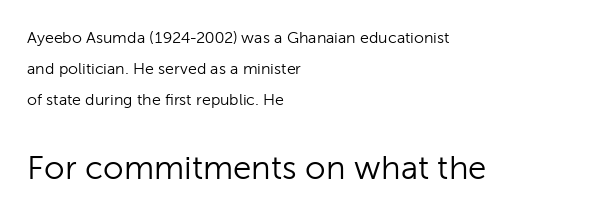
Q: Is the text bold? A: No.
Q: Is the text italic (slanted)? A: No, it is upright.
Q: Is the typeface a serif or a sans-serif typeface? A: Sans-serif.
Q: Is the text underlined? A: No.
Q: How is the paragraph aligned? A: Left-aligned.
Q: Is the spacing between letters normal or unusually wide? A: Normal.
Q: Is the spacing between lines tight, normal or loose? A: Loose.
Q: Which block of text is set in a larger size, the first (top) or the second (bottom)? A: The second (bottom) one.
Q: Width (condensed, normal, or wide)? A: Normal.
Q: Stroke contrast? A: Low.
Q: x-height? A: Medium.
Q: Monospaced? A: No.
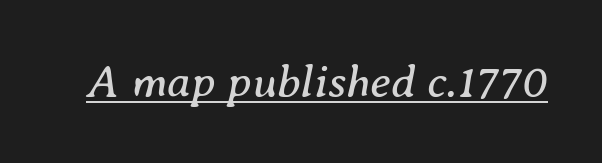
The type family on display is of the serif kind. These lines were composed using italics. Is the type heavy? It reads as light-to-regular instead. Caption: lettering with a line underneath.
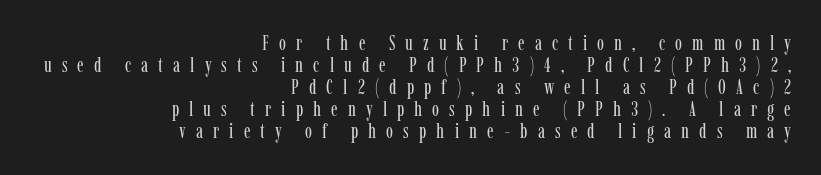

▬▬▬▬▬▬

■ Exercise description ■
Return, in full, every line of these entries that holds "between".

■ Output of the exercise ■
Q: Is the spacing between letters normal or unusually wide? A: Normal.
Q: Is the spacing between lines tight, normal or loose? A: Loose.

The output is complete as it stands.